* BRIEF:
Report how many lines in the entries below have the word "brown" in them, and give no other words.

[Collected data entries]
+--
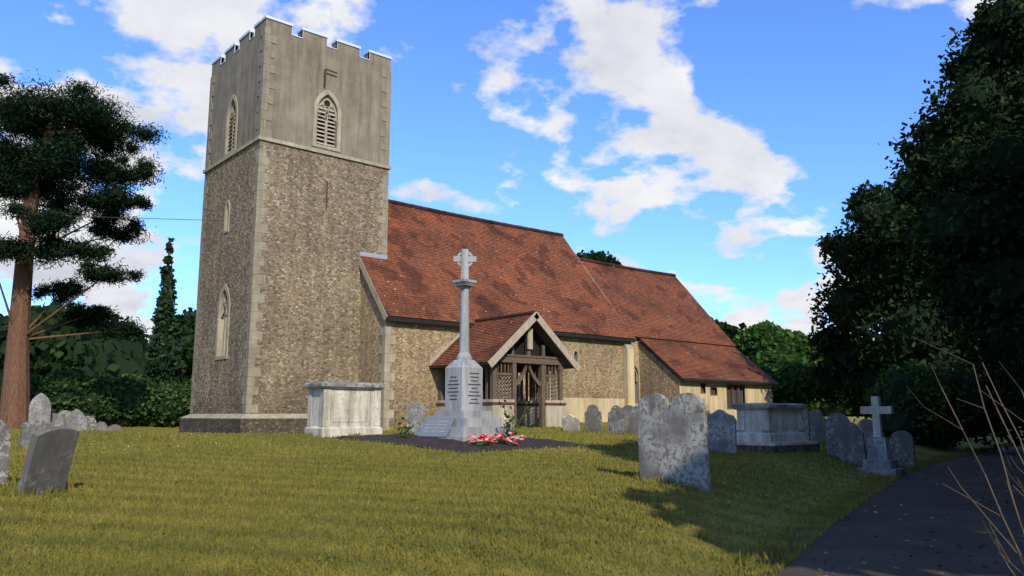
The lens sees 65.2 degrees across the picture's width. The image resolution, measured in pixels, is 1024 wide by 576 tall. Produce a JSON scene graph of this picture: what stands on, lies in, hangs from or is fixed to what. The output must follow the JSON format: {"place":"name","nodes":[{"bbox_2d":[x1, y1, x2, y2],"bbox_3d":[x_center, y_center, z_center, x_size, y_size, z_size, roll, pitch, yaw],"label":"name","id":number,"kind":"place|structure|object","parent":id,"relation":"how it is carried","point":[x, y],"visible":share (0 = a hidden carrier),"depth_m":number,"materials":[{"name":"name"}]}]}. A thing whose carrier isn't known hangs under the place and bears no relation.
{"place":"outdoors","nodes":[
{"label":"outdoors","id":0,"kind":"place"},
{"bbox_2d":[179,15,391,433],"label":"church tower","id":1,"kind":"structure","parent":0,"point":[252,423],"depth_m":29.40,"materials":[{"name":"beige stone"}]},
{"bbox_2d":[190,140,388,413],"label":"church tower","id":2,"kind":"structure","parent":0,"point":[308,326],"depth_m":29.56,"materials":[{"name":"beige stone"}]},
{"bbox_2d":[0,213,223,220],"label":"overhead wire","id":3,"kind":"object","parent":2,"relation":"attached to","point":[137,218],"visible":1,"depth_m":29.84,"materials":[{"name":"grey metal"}]},
{"bbox_2d":[208,29,390,165],"bbox_3d":[-8.772,-6.912,32.850,5.370,4.270,5.370,8,-12,-40],"label":"tower upper stage","id":4,"kind":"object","parent":2,"relation":"on","point":[354,84],"visible":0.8,"depth_m":30.91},
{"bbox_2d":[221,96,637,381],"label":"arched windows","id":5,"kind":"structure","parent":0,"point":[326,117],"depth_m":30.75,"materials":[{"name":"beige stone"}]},
{"bbox_2d":[0,0,1018,342],"label":"sky","id":6,"kind":"structure","parent":0,"point":[712,145],"materials":[{"name":"blue"}]},
{"bbox_2d":[0,417,1023,575],"bbox_3d":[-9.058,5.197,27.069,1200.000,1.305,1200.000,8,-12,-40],"label":"lawn","id":7,"kind":"structure","parent":0,"point":[143,500],"depth_m":8.92,"materials":[{"name":"green plant"}]},
{"bbox_2d":[0,420,10,483],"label":"headstone","id":8,"kind":"object","parent":7,"relation":"on","point":[5,437],"visible":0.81,"depth_m":8.77,"materials":[{"name":"grey stone"}]},
{"bbox_2d":[19,420,54,448],"bbox_3d":[-8.317,2.647,14.008,0.090,0.650,0.500,-9,-13,44],"label":"headstone","id":9,"kind":"object","parent":7,"relation":"on","point":[28,428],"visible":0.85,"depth_m":13.90,"materials":[{"name":"grey stone"}]},
{"bbox_2d":[28,393,50,421],"bbox_3d":[-13.636,3.678,23.088,0.551,1.302,0.228,8,-12,-40],"label":"headstone","id":10,"kind":"object","parent":7,"relation":"on","point":[40,406],"visible":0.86,"depth_m":23.11,"materials":[{"name":"grey stone"}]},
{"bbox_2d":[17,426,79,495],"bbox_3d":[-4.873,1.897,8.387,0.376,0.886,0.533,-4,-10,23],"label":"leaning headstone","id":11,"kind":"object","parent":7,"relation":"on","point":[49,458],"visible":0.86,"depth_m":8.32,"materials":[{"name":"grey stone"}]},
{"bbox_2d":[50,413,62,425],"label":"headstone","id":12,"kind":"object","parent":7,"relation":"on","point":[56,419],"visible":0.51,"depth_m":23.64,"materials":[{"name":"grey stone"}]},
{"bbox_2d":[58,410,70,425],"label":"headstone","id":13,"kind":"object","parent":7,"relation":"on","point":[64,414],"visible":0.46,"depth_m":24.13,"materials":[{"name":"grey stone"}]},
{"bbox_2d":[64,409,86,430],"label":"headstone","id":14,"kind":"object","parent":7,"relation":"on","point":[76,419],"visible":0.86,"depth_m":23.46,"materials":[{"name":"grey stone"}]},
{"bbox_2d":[0,68,170,428],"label":"scots pine","id":15,"kind":"object","parent":7,"relation":"on","point":[47,164],"visible":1,"depth_m":30.79,"materials":[{"name":"green plant"}]},
{"bbox_2d":[85,416,95,429],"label":"headstone","id":16,"kind":"object","parent":7,"relation":"on","point":[91,422],"visible":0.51,"depth_m":25.36,"materials":[{"name":"grey stone"}]},
{"bbox_2d":[0,366,191,427],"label":"hedge","id":17,"kind":"object","parent":7,"relation":"on","point":[129,400],"visible":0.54,"depth_m":34.94,"materials":[{"name":"green plant"}]},
{"bbox_2d":[96,422,109,430],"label":"headstone","id":18,"kind":"object","parent":7,"relation":"on","point":[101,426],"visible":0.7,"depth_m":26.34,"materials":[{"name":"grey stone"}]},
{"bbox_2d":[108,424,121,431],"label":"headstone","id":19,"kind":"object","parent":7,"relation":"on","point":[115,427],"visible":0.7,"depth_m":27.43,"materials":[{"name":"grey stone"}]},
{"bbox_2d":[143,237,185,385],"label":"weeping conifer","id":20,"kind":"object","parent":7,"relation":"on","point":[164,362],"visible":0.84,"depth_m":54.83,"materials":[{"name":"green plant"}]},
{"bbox_2d":[177,307,195,376],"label":"tree","id":21,"kind":"object","parent":7,"relation":"on","point":[186,319],"visible":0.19,"depth_m":68.92,"materials":[{"name":"green plant"}]},
{"bbox_2d":[303,381,386,437],"bbox_3d":[-4.357,3.203,20.796,1.860,1.470,1.060,8,-12,-40],"label":"chest tomb","id":22,"kind":"object","parent":7,"relation":"on","point":[341,408],"visible":0.98,"depth_m":20.41,"materials":[{"name":"stone"}]},
{"bbox_2d":[394,417,413,437],"bbox_3d":[-2.530,3.299,18.786,0.386,0.556,0.429,-4,-10,24],"label":"rose bush","id":23,"kind":"object","parent":7,"relation":"on","point":[404,430],"visible":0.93,"depth_m":18.77,"materials":[{"name":"green plant"}]},
{"bbox_2d":[407,402,424,431],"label":"headstone","id":24,"kind":"object","parent":7,"relation":"on","point":[416,415],"visible":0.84,"depth_m":26.74,"materials":[{"name":"grey stone"}]},
{"bbox_2d":[0,299,878,416],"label":"distant tree line","id":25,"kind":"object","parent":7,"relation":"on","point":[89,354],"visible":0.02,"depth_m":148.19,"materials":[{"name":"green plant"}]},
{"bbox_2d":[328,433,598,452],"bbox_3d":[-1.192,3.735,19.595,4.800,0.316,4.800,-8,-12,41],"label":"mulch bed","id":26,"kind":"object","parent":7,"relation":"on","point":[442,444],"visible":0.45,"depth_m":18.11,"materials":[{"name":"brown soil"}]},
{"bbox_2d":[415,249,519,441],"bbox_3d":[-1.198,1.377,19.962,1.960,4.780,1.980,-8,-12,41],"label":"war memorial","id":27,"kind":"object","parent":26,"relation":"on","point":[463,416],"visible":0.98,"depth_m":19.49,"materials":[{"name":"stone"}]},
{"bbox_2d":[358,273,623,427],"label":"church wall","id":28,"kind":"structure","parent":7,"relation":"on","point":[416,348],"depth_m":30.20,"materials":[{"name":"beige stone"}]},
{"bbox_2d":[359,199,778,402],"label":"church roofs","id":29,"kind":"structure","parent":28,"relation":"on","point":[556,283],"depth_m":37.23,"materials":[{"name":"red tile"}]},
{"bbox_2d":[467,432,524,447],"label":"poppy wreaths","id":30,"kind":"object","parent":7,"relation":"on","point":[482,439],"visible":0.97,"depth_m":17.77,"materials":[{"name":"red plastic"}]},
{"bbox_2d":[429,310,580,428],"bbox_3d":[-0.768,3.633,30.525,4.507,5.110,5.110,8,-12,-40],"label":"church porch","id":31,"kind":"object","parent":7,"relation":"on","point":[523,344],"visible":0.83,"depth_m":29.43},
{"bbox_2d":[500,398,529,437],"bbox_3d":[-0.018,3.152,19.073,0.856,1.061,0.639,8,-12,-40],"label":"rose bush","id":32,"kind":"object","parent":7,"relation":"on","point":[523,416],"visible":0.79,"depth_m":19.04,"materials":[{"name":"green plant"}]},
{"bbox_2d":[561,414,579,431],"bbox_3d":[2.020,4.698,27.388,0.600,0.772,0.374,-4,-10,24],"label":"gravestone","id":33,"kind":"object","parent":7,"relation":"on","point":[570,422],"visible":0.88,"depth_m":27.33,"materials":[{"name":"stone"}]},
{"bbox_2d":[584,404,602,432],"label":"headstone","id":34,"kind":"object","parent":7,"relation":"on","point":[593,418],"visible":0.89,"depth_m":26.94,"materials":[{"name":"grey stone"}]},
{"bbox_2d":[576,250,621,264],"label":"tree","id":35,"kind":"object","parent":7,"relation":"on","point":[598,256],"visible":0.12,"depth_m":58.99,"materials":[{"name":"green plant"}]},
{"bbox_2d":[607,405,624,432],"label":"headstone","id":36,"kind":"object","parent":7,"relation":"on","point":[616,419],"visible":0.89,"depth_m":26.39,"materials":[{"name":"grey stone"}]},
{"bbox_2d":[622,405,632,431],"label":"headstone","id":37,"kind":"object","parent":7,"relation":"on","point":[626,409],"visible":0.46,"depth_m":27.84,"materials":[{"name":"grey stone"}]},
{"bbox_2d":[629,406,637,433],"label":"headstone","id":38,"kind":"object","parent":7,"relation":"on","point":[633,426],"visible":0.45,"depth_m":26.59,"materials":[{"name":"grey stone"}]},
{"bbox_2d":[631,338,640,403],"bbox_3d":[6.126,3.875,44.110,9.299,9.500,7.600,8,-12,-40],"label":"buttress","id":39,"kind":"structure","parent":7,"relation":"on","point":[635,344],"depth_m":39.04,"materials":[{"name":"beige stone"}]},
{"bbox_2d":[637,393,710,494],"bbox_3d":[2.450,2.373,12.216,1.120,1.529,0.163,-7,-11,38],"label":"gravestone","id":40,"kind":"object","parent":7,"relation":"on","point":[673,440],"visible":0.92,"depth_m":12.14,"materials":[{"name":"grey stone"}]},
{"bbox_2d":[707,409,736,454],"bbox_3d":[4.969,3.502,19.079,0.780,1.202,0.132,-7,-12,39],"label":"headstone","id":41,"kind":"object","parent":7,"relation":"on","point":[722,430],"visible":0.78,"depth_m":19.02,"materials":[{"name":"grey stone"}]},
{"bbox_2d":[731,403,819,453],"bbox_3d":[6.828,3.712,21.118,2.390,1.320,1.490,9,-12,-43],"label":"chest tomb","id":42,"kind":"object","parent":7,"relation":"on","point":[779,428],"visible":0.91,"depth_m":20.56,"materials":[{"name":"stone"}]},
{"bbox_2d":[733,319,823,365],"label":"tree","id":43,"kind":"object","parent":7,"relation":"on","point":[749,342],"visible":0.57,"depth_m":64.12,"materials":[{"name":"green plant"}]},
{"bbox_2d":[755,360,817,407],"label":"shrubs","id":44,"kind":"object","parent":7,"relation":"on","point":[788,378],"visible":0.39,"depth_m":43.65,"materials":[{"name":"green plant"}]},
{"bbox_2d":[752,350,824,409],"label":"shrubs","id":45,"kind":"object","parent":7,"relation":"on","point":[773,359],"visible":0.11,"depth_m":53.07,"materials":[{"name":"green plant"}]},
{"bbox_2d":[802,408,810,440],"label":"headstone","id":46,"kind":"object","parent":7,"relation":"on","point":[805,416],"visible":0.19,"depth_m":23.97,"materials":[{"name":"grey stone"}]},
{"bbox_2d":[809,410,825,442],"bbox_3d":[9.484,4.380,24.884,0.140,1.182,0.623,8,-12,-40],"label":"headstone","id":47,"kind":"object","parent":7,"relation":"on","point":[817,426],"visible":0.73,"depth_m":24.82,"materials":[{"name":"grey stone"}]},
{"bbox_2d":[826,413,849,457],"bbox_3d":[8.389,3.886,20.546,0.600,1.332,0.136,-8,-12,41],"label":"headstone","id":48,"kind":"object","parent":7,"relation":"on","point":[835,422],"visible":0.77,"depth_m":20.60,"materials":[{"name":"grey stone"}]},
{"bbox_2d":[836,422,866,467],"bbox_3d":[8.464,3.972,19.919,0.134,1.268,0.709,8,-12,-43],"label":"headstone","id":49,"kind":"object","parent":7,"relation":"on","point":[851,442],"visible":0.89,"depth_m":19.90,"materials":[{"name":"grey stone"}]},
{"bbox_2d":[857,419,873,449],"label":"headstone","id":50,"kind":"object","parent":7,"relation":"on","point":[865,426],"visible":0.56,"depth_m":23.42,"materials":[{"name":"grey stone"}]},
{"bbox_2d":[857,396,904,475],"bbox_3d":[8.828,3.581,19.281,0.900,1.920,0.600,-9,-13,44],"label":"grave cross","id":51,"kind":"object","parent":7,"relation":"on","point":[881,460],"visible":0.89,"depth_m":19.15,"materials":[{"name":"stone"}]},
{"bbox_2d":[890,431,915,468],"bbox_3d":[10.368,4.366,21.223,0.093,1.150,0.600,8,-12,-40],"label":"headstone","id":52,"kind":"object","parent":7,"relation":"on","point":[902,445],"visible":0.85,"depth_m":21.18,"materials":[{"name":"grey stone"}]},
{"bbox_2d":[801,179,1023,452],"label":"yew","id":53,"kind":"object","parent":7,"relation":"on","point":[863,300],"visible":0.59,"depth_m":35.84,"materials":[{"name":"green plant"}]},
{"bbox_2d":[862,359,980,448],"bbox_3d":[14.827,4.328,29.182,4.006,3.483,3.919,8,-12,-40],"label":"bush","id":54,"kind":"object","parent":7,"relation":"on","point":[916,420],"visible":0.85,"depth_m":28.02,"materials":[{"name":"green plant"}]},
{"bbox_2d":[878,0,1023,410],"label":"yew","id":55,"kind":"object","parent":7,"relation":"on","point":[961,176],"visible":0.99,"depth_m":22.45,"materials":[{"name":"green plant"}]},
{"bbox_2d":[378,317,772,430],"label":"church wall","id":56,"kind":"structure","parent":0,"point":[656,374],"depth_m":36.95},
{"bbox_2d":[685,381,767,419],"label":"wall","id":57,"kind":"structure","parent":0,"point":[756,393],"depth_m":39.23,"materials":[{"name":"beige paint"}]},
{"bbox_2d":[700,383,745,408],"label":"windows","id":58,"kind":"structure","parent":57,"relation":"in","point":[734,394],"depth_m":39.87,"materials":[{"name":"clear glass"}]},
{"bbox_2d":[752,444,1023,575],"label":"churchyard path","id":59,"kind":"structure","parent":0,"point":[925,521],"depth_m":10.57,"materials":[{"name":"grey asphalt"}]},
{"bbox_2d":[908,336,1023,575],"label":"bare branches","id":60,"kind":"object","parent":59,"relation":"on","point":[1017,551],"visible":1,"depth_m":3.35,"materials":[{"name":"brown"}]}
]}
+--
* RESPONSE:
2